SalomèémolaS

Da una conversazione con Unoetrino, un’occasione per parlare di un nuovo esempio di teatro di contraddizione, a testimoniare il fatto che l’arte non è intrattenimento e appagamento dei sensi.
Di Maria Vittoria Muzzupapa

In queste poche righe, si cerca di affrontare parte della poetica di Unoetrino analizzando la loro ultima rappresentazione, SalomèémolaS (avvenuta l’8 marzo alla Sala Espace di Torino, in occasione della rassegna “Rigenerazione”). 
In modo particolare abbiamo osservato il linguaggio della scena, il lavoro compiuto sull’attore e su quello che possiamo 
definire testo drammaturgico.

Su queste due componenti, infatti, Unoetrino opera un complesso lavoro di analisi e di interpretazione, discostandosi dal 
teatro spettacolare oggi prevalente.

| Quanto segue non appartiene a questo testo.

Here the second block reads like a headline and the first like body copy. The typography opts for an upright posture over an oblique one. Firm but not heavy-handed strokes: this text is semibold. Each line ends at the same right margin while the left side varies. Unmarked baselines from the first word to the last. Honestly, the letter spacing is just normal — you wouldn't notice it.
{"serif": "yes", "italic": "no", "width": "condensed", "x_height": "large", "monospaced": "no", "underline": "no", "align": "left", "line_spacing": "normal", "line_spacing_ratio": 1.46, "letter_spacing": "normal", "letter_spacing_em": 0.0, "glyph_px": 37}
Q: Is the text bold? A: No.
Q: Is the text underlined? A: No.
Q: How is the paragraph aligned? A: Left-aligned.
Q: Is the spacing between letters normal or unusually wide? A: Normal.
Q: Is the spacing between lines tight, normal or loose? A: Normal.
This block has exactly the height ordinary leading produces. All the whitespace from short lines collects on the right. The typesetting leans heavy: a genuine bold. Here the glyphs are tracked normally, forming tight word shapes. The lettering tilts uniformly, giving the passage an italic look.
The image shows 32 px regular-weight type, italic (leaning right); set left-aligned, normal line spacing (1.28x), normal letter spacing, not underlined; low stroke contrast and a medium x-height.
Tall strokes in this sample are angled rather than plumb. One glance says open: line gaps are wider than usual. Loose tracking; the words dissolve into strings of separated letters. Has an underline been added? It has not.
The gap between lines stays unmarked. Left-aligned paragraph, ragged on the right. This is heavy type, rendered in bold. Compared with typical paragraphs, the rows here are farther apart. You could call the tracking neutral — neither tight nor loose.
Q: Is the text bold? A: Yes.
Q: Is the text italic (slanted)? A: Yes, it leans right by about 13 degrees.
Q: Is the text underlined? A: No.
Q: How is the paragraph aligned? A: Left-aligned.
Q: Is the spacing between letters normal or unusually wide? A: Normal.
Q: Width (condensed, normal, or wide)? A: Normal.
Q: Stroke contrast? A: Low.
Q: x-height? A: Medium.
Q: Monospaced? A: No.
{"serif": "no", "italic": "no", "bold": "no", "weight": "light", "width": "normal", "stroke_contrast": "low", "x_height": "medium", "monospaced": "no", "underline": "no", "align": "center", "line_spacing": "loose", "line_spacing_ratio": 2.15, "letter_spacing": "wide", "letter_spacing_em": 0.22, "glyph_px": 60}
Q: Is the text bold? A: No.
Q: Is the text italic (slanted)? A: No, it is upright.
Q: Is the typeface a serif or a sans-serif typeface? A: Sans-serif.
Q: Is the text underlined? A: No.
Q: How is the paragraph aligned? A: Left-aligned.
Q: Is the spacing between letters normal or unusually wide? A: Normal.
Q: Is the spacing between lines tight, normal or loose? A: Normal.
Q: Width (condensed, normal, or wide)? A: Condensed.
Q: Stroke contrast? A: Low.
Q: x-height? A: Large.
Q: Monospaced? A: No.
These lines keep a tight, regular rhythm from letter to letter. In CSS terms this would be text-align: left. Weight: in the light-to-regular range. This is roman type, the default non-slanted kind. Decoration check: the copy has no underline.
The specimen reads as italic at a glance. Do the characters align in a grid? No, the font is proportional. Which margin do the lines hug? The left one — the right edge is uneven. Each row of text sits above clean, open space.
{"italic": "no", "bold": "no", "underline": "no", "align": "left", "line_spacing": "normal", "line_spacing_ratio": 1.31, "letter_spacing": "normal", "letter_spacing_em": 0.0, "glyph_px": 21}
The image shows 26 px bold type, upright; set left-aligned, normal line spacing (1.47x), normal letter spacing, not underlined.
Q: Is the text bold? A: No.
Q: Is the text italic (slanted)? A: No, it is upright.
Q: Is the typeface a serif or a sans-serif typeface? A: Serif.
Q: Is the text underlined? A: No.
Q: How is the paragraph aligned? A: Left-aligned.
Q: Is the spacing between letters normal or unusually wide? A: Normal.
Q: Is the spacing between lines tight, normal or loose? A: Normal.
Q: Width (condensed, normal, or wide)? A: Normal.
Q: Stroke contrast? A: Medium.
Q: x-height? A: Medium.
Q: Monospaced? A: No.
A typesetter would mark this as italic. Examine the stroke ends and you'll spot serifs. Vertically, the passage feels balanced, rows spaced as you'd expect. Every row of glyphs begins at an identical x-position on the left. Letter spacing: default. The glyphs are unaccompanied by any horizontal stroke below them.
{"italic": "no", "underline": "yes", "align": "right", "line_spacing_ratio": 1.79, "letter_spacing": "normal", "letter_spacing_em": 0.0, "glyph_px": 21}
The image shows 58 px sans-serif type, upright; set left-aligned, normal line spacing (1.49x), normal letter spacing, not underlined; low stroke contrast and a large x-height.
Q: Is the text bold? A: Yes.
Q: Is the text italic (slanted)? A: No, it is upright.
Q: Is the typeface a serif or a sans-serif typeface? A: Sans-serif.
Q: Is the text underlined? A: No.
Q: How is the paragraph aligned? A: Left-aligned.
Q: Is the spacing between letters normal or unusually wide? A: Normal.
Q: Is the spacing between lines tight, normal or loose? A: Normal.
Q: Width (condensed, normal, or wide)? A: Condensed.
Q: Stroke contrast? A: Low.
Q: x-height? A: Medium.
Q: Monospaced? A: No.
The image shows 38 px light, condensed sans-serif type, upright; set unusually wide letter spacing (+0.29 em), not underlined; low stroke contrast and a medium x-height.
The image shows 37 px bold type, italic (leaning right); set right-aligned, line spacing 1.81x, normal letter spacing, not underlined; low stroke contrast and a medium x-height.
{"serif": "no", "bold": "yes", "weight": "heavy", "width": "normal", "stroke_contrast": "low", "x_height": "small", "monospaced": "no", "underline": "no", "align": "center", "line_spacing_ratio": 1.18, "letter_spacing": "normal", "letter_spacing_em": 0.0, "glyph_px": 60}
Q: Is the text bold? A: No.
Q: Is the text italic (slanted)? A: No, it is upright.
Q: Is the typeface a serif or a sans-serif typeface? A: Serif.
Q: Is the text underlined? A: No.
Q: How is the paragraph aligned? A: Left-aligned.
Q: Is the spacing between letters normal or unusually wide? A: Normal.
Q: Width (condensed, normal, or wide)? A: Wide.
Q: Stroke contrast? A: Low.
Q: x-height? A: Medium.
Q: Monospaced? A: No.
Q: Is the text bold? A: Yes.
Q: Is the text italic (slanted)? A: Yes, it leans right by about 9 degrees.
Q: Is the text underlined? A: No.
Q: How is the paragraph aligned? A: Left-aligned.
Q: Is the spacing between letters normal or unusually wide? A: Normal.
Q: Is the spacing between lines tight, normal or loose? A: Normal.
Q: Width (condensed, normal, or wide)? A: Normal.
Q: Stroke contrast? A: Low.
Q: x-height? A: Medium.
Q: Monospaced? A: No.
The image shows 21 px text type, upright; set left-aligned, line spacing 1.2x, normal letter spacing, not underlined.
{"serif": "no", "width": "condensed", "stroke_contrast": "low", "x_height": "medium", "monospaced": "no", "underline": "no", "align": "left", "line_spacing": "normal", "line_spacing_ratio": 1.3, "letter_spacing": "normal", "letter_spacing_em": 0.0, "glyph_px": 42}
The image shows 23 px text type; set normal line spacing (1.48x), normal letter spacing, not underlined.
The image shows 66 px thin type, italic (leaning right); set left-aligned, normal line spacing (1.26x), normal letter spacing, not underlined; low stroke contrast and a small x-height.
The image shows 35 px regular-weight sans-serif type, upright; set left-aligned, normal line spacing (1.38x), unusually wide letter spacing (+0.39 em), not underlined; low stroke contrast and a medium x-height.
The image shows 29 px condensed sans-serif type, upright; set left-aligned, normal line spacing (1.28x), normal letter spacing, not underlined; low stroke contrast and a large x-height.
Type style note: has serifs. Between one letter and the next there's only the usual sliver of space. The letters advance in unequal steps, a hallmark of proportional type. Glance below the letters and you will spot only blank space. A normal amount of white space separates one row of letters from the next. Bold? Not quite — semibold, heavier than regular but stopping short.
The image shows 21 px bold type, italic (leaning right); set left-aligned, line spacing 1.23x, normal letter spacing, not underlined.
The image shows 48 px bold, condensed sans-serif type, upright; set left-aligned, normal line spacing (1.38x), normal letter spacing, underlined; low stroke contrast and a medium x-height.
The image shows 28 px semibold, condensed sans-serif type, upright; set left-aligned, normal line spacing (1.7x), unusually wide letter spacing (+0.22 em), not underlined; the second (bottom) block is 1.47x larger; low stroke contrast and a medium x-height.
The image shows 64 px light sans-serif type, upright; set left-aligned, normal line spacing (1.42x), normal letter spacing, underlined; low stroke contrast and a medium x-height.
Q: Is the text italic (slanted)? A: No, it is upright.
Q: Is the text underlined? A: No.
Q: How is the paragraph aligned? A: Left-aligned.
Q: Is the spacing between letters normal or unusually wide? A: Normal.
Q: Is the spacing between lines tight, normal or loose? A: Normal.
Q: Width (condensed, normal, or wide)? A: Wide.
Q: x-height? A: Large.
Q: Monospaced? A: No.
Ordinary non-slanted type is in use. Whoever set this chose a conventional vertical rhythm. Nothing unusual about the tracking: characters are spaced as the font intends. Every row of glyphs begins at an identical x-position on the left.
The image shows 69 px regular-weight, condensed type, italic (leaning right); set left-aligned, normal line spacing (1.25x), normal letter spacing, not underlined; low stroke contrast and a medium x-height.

Obiettivo principale non è accattivarsi lo spettatore, ma provocarlo, non solo mostrandogli 
un attore castrato nella sua principale funzione, che è quella di comunicare, ma anche sventrando e reinterpretando un 
celebre testo teatrale (operazione ormai ritenuta impensabile e profana da molti) come la Salomè di Wilde.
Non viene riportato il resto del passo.